Selection and prompt initiation of the appropriate empiric antimicrobial therapy play an important role in decreasing morbidity and mortality in GI fistula patients with IAIs [5]. The Infectious Diseases Society of America (IDSA) guidelines recommend use of single agents, such as carbapenems, piperacillin/tazobactam, cephalosporins, fluoroquinolones and aminoglycosides combined with metronidazole to treat IAIs in adults [2]. The distribution of pathogens causing IAIs and their drug susceptibility profiles may change over time, particularly with the spread of antibiotic resistance, making it more challenging for surgeons to select appropriate antibiotic therapies [6, 7]. To improve the outcome of GI fistula patients with IAIs, it is essential for surgeons to be aware of the local bacteriology and antimicrobial resistance trends of the causative pathogens [8].

Large-scale antibiotic susceptibility surveillances have been launched over the past decades which have informed surgeons of current trends in the emergence of antibiotic-resistant bacterial strains involved in IAIs [9,10,11]. However, these short-term surveillances might put up an incomplete facade pattern as the fluctuations of antibiotic resistance appeared in the shorter time period [12]. Therefore, a longitudinal surveillance is critical as guidance for empiric therapy.

Methods

Patients and samples

Microbiology and antibiotic susceptibility of isolates collected at Jinling Hospital between 2008 and 2015 were retrospectively reviewed using the hospital medical record system. Data extracted from the system for each isolate included demographic characteristics of the patient (age, sex), co-morbidities (hypertension, diabetes, cancer, inflammatory bowel disease, lung injury, renal injury) and fistula location. Upper GI fistula was defined as fistula located in the stomach or duodenum and lower GI fistula was defined as fistula located in the jejunum, ileum or colon [13]. Isolates from tissue, fluid or deep wound cultures obtained during operation, abdominal drains, fluid from paracentesis or percutaneous aspiration of abscesses were included, and those from drain bottles, stool, superficial wounds, or perirectal abscess were excluded.
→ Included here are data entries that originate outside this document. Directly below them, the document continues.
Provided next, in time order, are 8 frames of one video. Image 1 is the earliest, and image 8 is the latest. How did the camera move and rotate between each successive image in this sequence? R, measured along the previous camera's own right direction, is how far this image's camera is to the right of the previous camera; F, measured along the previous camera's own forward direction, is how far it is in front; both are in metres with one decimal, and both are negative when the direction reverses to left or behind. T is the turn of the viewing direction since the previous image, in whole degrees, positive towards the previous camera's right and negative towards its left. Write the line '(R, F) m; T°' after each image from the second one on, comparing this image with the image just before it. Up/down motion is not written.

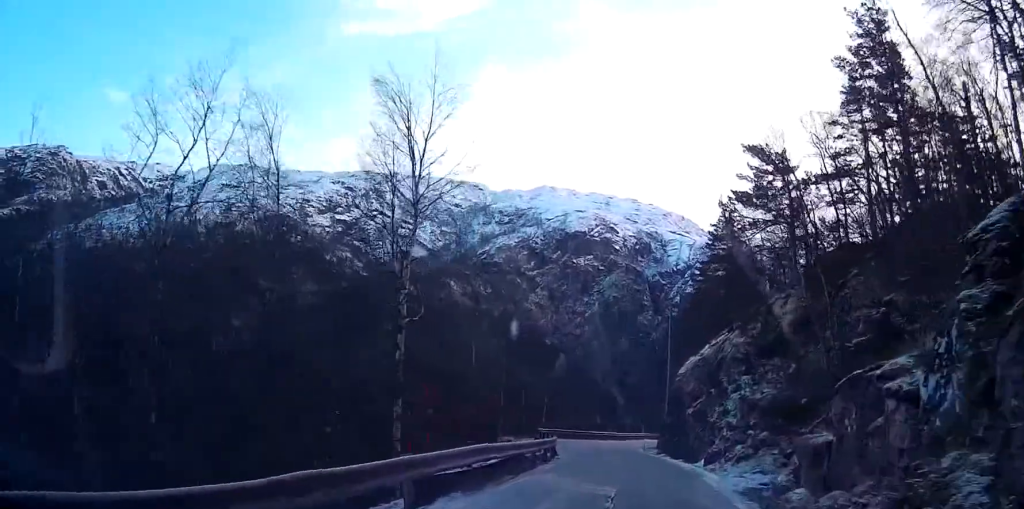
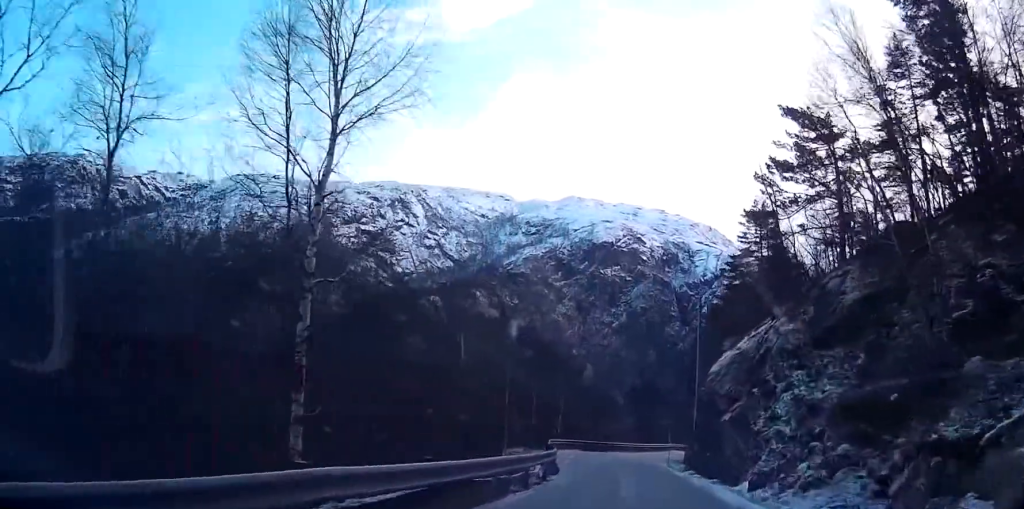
(0.0, +8.1) m; +1°
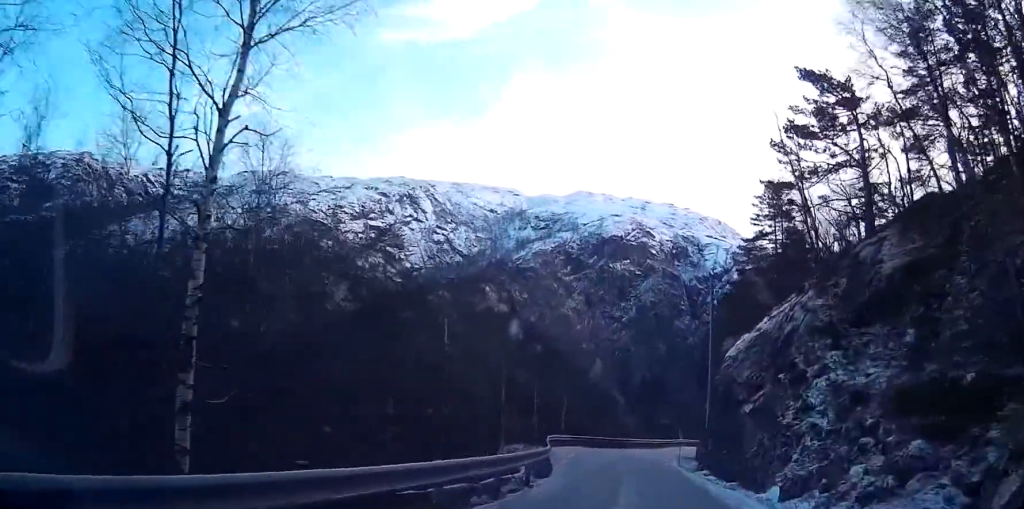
(0.0, +4.4) m; 0°
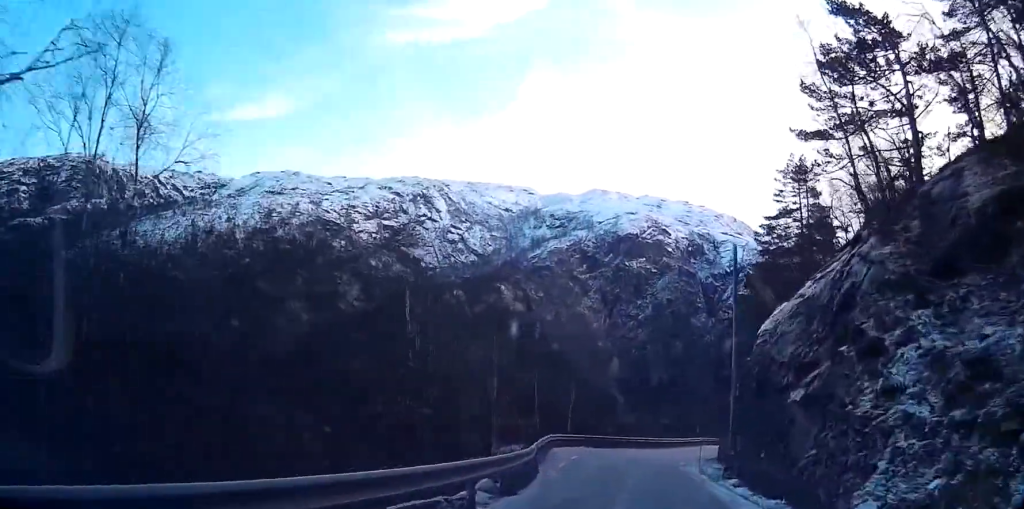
(+0.2, +7.2) m; -2°
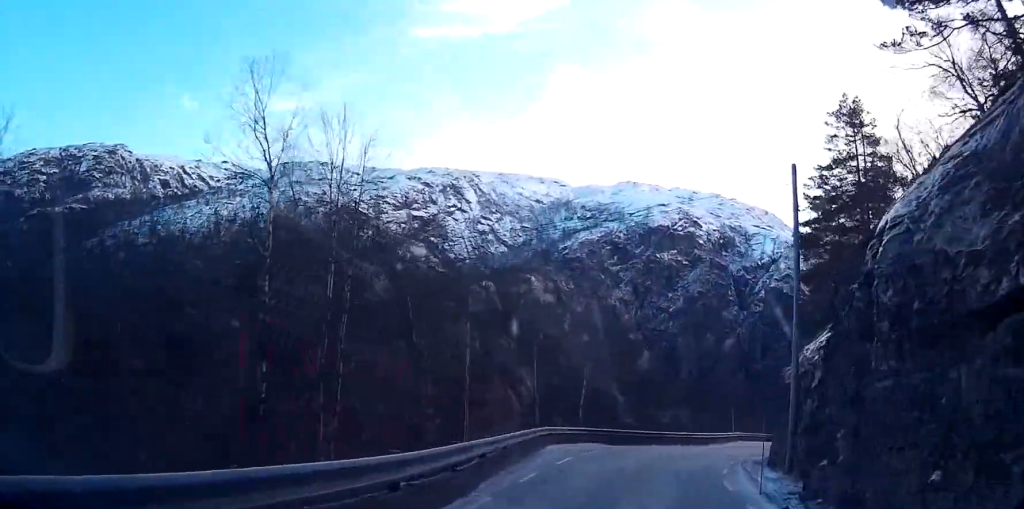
(-0.6, +12.2) m; -4°
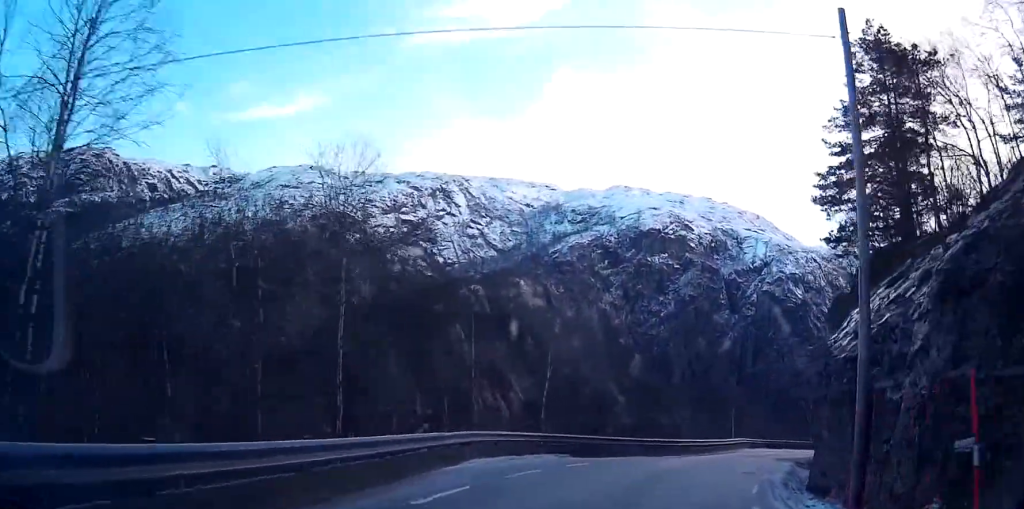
(-0.1, +12.4) m; 0°
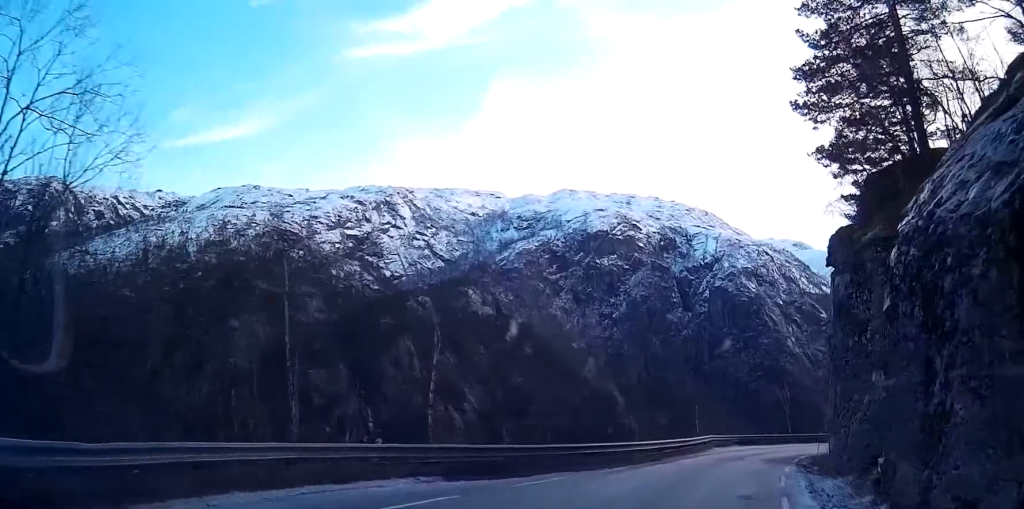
(+0.2, +13.4) m; +2°
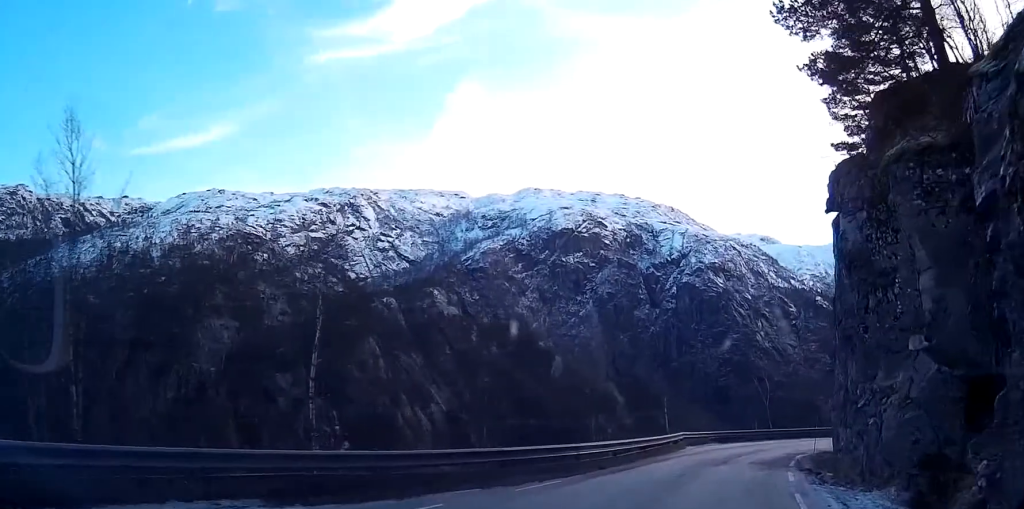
(+0.1, +7.8) m; +1°
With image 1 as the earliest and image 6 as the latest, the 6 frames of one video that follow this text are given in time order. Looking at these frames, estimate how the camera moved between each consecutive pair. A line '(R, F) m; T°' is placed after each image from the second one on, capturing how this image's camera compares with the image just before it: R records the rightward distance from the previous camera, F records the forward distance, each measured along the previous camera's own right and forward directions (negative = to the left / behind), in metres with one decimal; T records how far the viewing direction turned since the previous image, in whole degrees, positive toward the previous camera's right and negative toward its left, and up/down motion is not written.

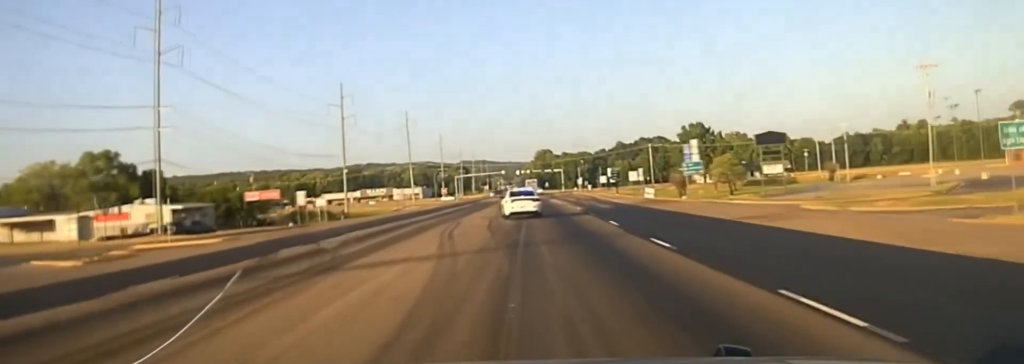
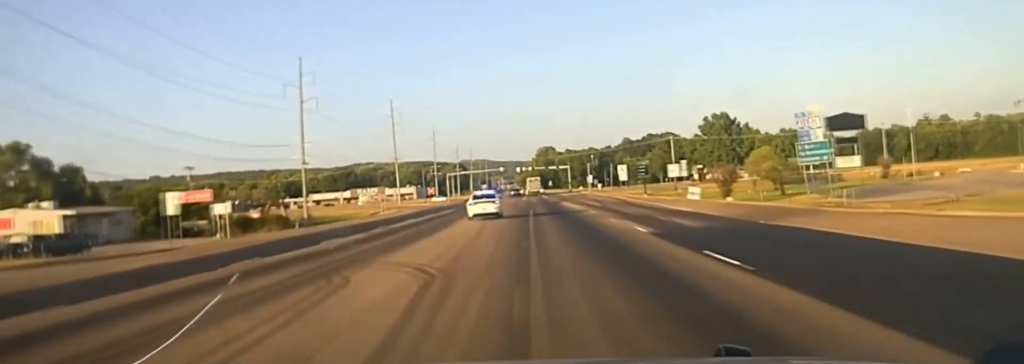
(0.0, +30.0) m; 0°
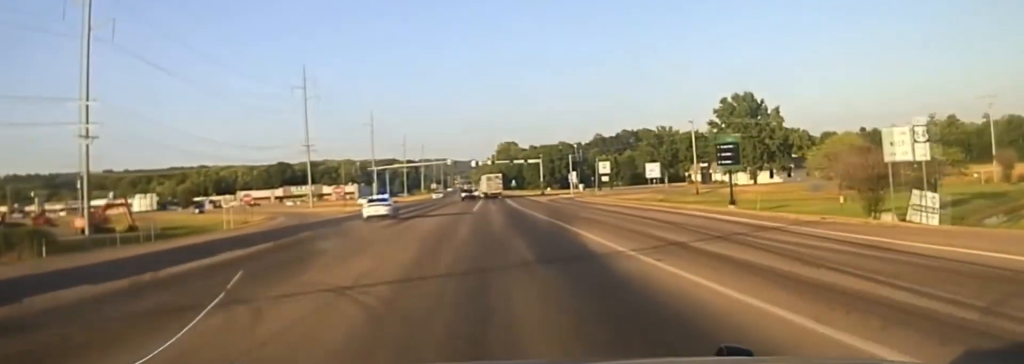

The study protocol was approved by the Institutional Review Board Ethics Committee of Jinling Hospital, and all research work was in compliance with the Helsinki Declaration.

Pathogenic examination and antibiotic susceptibility determination

Samples were collected with sterile cotton swabs (Zhejiang Gongdong Medical Technology Co. Ltd., Taizhou, Zhejiang, China) and then sent to the microbiology laboratory for processing. Bacteria were isolated and then identified by the Vitek and Analytical Profile Index (API) bacterial identification systems or by traditional manual methods (BioMérieux, Hazelwood, MO, USA).

To assess antimicrobial susceptibility, minimum inhibitory concentrations (MICs) for each antimicrobial agent were determined by the agar dilution method, according to each year’s CLSI guidelines (Clinical Laboratory Standards Institute, USA, as annually updated) [14]. Phenotypic identification of extended-spectrum beta-lactamase (ESBL) production of Escherichia. Coli (E. coli), Klebsiella and Enterobacter species were expanded. If MICs of ceftazidime, cefepime, or ceftriaxone were ≥2 mg/L among E. coli, Klebsiella or Enterobacter species, ESBL production was suspected. For these ESBL-suspected isolates, if the MIC of cefepime was at least eightfold more than that of cefepime in the presence of clavulanic acid, ESBL production was identified [15]. Escherichia coli ATCC 25922, Klebsiella pneumonia ATCC 700603 and Pseudomonas aeruginosa ATCC 27853 were used as quality control strains.

Statistical analysis

Descriptive statistics were presented for categorical variables and continuous variables. We divided the study period into two periods for analysis: 2008–2011 and 2012–2015. We use the Mantel–Haenszel linear-by-linear association χ2 test to detect significant differences over time. Continuous variables were analyzed using the student t-test. P < 0.05 was considered statistically significant. All statistical analyses were performed using SPSS software (Version 22 IBM, Armonk, NY).

Results

Patient characteristics

A total of 502 GI fistula patients (mean age 46.5 years, 71.1% male) were included. Demographic characteristics of included patients are shown in Table1. Patients in the second study period (2012–2015) exhibited significant enrichment of clinical factors, including advanced age (P = 0.02), cancer (16.0% VS 6.7%, P = 0.001) and renal injury (16.7% VS 9.2%, P = 0.013) than patients from 2008 to 2011. In addition, the 2012–1015 cohort had a significantly higher percentage of lower GI fistula (P = 0.005) and a lower percentage of intensive care unit (ICU) patients (P < 0.001) (Table 1). We did not find the difference change in mortality rates over time (27.6% VS 28.1%, P = 0.896).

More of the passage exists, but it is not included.